▸ **Work order**:
In this exercise, reproduce all the entries that follow exactly.

▸ **Records for this exercise**:
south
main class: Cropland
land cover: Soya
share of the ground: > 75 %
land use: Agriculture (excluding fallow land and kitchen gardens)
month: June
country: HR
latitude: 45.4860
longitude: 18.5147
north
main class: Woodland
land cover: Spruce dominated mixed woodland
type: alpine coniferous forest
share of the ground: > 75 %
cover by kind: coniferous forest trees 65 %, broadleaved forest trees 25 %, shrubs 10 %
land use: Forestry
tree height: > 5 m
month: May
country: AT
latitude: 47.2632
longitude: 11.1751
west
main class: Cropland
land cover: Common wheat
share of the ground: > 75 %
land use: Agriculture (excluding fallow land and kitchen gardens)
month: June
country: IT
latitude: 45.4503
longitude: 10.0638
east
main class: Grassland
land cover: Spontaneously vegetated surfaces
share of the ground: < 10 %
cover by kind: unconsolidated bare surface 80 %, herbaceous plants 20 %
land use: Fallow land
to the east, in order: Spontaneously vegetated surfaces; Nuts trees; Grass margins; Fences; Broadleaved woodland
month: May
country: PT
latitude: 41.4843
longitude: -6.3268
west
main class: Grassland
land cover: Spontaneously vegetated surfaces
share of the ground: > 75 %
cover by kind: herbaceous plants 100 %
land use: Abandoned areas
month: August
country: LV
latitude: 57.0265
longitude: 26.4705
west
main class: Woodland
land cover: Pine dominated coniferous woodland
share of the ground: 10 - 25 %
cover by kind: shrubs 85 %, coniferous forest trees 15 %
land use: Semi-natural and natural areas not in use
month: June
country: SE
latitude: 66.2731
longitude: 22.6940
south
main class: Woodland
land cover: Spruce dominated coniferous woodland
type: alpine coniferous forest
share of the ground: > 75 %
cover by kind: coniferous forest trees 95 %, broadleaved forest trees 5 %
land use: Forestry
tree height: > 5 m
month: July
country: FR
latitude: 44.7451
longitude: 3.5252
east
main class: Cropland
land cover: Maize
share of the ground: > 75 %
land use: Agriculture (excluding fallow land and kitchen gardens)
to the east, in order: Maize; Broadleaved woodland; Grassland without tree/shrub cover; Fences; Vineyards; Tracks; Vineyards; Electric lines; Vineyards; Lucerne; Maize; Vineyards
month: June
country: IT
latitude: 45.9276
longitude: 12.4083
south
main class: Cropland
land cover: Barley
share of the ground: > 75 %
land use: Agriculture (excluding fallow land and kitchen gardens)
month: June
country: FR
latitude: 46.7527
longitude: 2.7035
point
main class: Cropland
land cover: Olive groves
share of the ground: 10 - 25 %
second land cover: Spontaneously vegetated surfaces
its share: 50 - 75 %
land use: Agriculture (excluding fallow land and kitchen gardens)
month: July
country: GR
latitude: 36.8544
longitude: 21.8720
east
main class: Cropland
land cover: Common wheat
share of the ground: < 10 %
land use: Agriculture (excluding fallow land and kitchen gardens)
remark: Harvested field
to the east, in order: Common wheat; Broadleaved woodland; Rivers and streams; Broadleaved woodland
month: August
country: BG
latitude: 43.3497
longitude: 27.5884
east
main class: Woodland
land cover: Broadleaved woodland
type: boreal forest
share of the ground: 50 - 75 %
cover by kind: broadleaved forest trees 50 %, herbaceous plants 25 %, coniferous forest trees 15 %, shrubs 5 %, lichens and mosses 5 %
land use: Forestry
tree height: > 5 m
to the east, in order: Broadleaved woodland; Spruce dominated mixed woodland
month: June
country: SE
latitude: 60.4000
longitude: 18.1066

▸ **Answer**:
south
main class: Cropland
land cover: Soya
share of the ground: > 75 %
land use: Agriculture (excluding fallow land and kitchen gardens)
month: June
country: HR
latitude: 45.4860
longitude: 18.5147
north
main class: Woodland
land cover: Spruce dominated mixed woodland
type: alpine coniferous forest
share of the ground: > 75 %
cover by kind: coniferous forest trees 65 %, broadleaved forest trees 25 %, shrubs 10 %
land use: Forestry
tree height: > 5 m
month: May
country: AT
latitude: 47.2632
longitude: 11.1751
west
main class: Cropland
land cover: Common wheat
share of the ground: > 75 %
land use: Agriculture (excluding fallow land and kitchen gardens)
month: June
country: IT
latitude: 45.4503
longitude: 10.0638
east
main class: Grassland
land cover: Spontaneously vegetated surfaces
share of the ground: < 10 %
cover by kind: unconsolidated bare surface 80 %, herbaceous plants 20 %
land use: Fallow land
to the east, in order: Spontaneously vegetated surfaces; Nuts trees; Grass margins; Fences; Broadleaved woodland
month: May
country: PT
latitude: 41.4843
longitude: -6.3268
west
main class: Grassland
land cover: Spontaneously vegetated surfaces
share of the ground: > 75 %
cover by kind: herbaceous plants 100 %
land use: Abandoned areas
month: August
country: LV
latitude: 57.0265
longitude: 26.4705
west
main class: Woodland
land cover: Pine dominated coniferous woodland
share of the ground: 10 - 25 %
cover by kind: shrubs 85 %, coniferous forest trees 15 %
land use: Semi-natural and natural areas not in use
month: June
country: SE
latitude: 66.2731
longitude: 22.6940
south
main class: Woodland
land cover: Spruce dominated coniferous woodland
type: alpine coniferous forest
share of the ground: > 75 %
cover by kind: coniferous forest trees 95 %, broadleaved forest trees 5 %
land use: Forestry
tree height: > 5 m
month: July
country: FR
latitude: 44.7451
longitude: 3.5252
east
main class: Cropland
land cover: Maize
share of the ground: > 75 %
land use: Agriculture (excluding fallow land and kitchen gardens)
to the east, in order: Maize; Broadleaved woodland; Grassland without tree/shrub cover; Fences; Vineyards; Tracks; Vineyards; Electric lines; Vineyards; Lucerne; Maize; Vineyards
month: June
country: IT
latitude: 45.9276
longitude: 12.4083
south
main class: Cropland
land cover: Barley
share of the ground: > 75 %
land use: Agriculture (excluding fallow land and kitchen gardens)
month: June
country: FR
latitude: 46.7527
longitude: 2.7035
point
main class: Cropland
land cover: Olive groves
share of the ground: 10 - 25 %
second land cover: Spontaneously vegetated surfaces
its share: 50 - 75 %
land use: Agriculture (excluding fallow land and kitchen gardens)
month: July
country: GR
latitude: 36.8544
longitude: 21.8720
east
main class: Cropland
land cover: Common wheat
share of the ground: < 10 %
land use: Agriculture (excluding fallow land and kitchen gardens)
remark: Harvested field
to the east, in order: Common wheat; Broadleaved woodland; Rivers and streams; Broadleaved woodland
month: August
country: BG
latitude: 43.3497
longitude: 27.5884
east
main class: Woodland
land cover: Broadleaved woodland
type: boreal forest
share of the ground: 50 - 75 %
cover by kind: broadleaved forest trees 50 %, herbaceous plants 25 %, coniferous forest trees 15 %, shrubs 5 %, lichens and mosses 5 %
land use: Forestry
tree height: > 5 m
to the east, in order: Broadleaved woodland; Spruce dominated mixed woodland
month: June
country: SE
latitude: 60.4000
longitude: 18.1066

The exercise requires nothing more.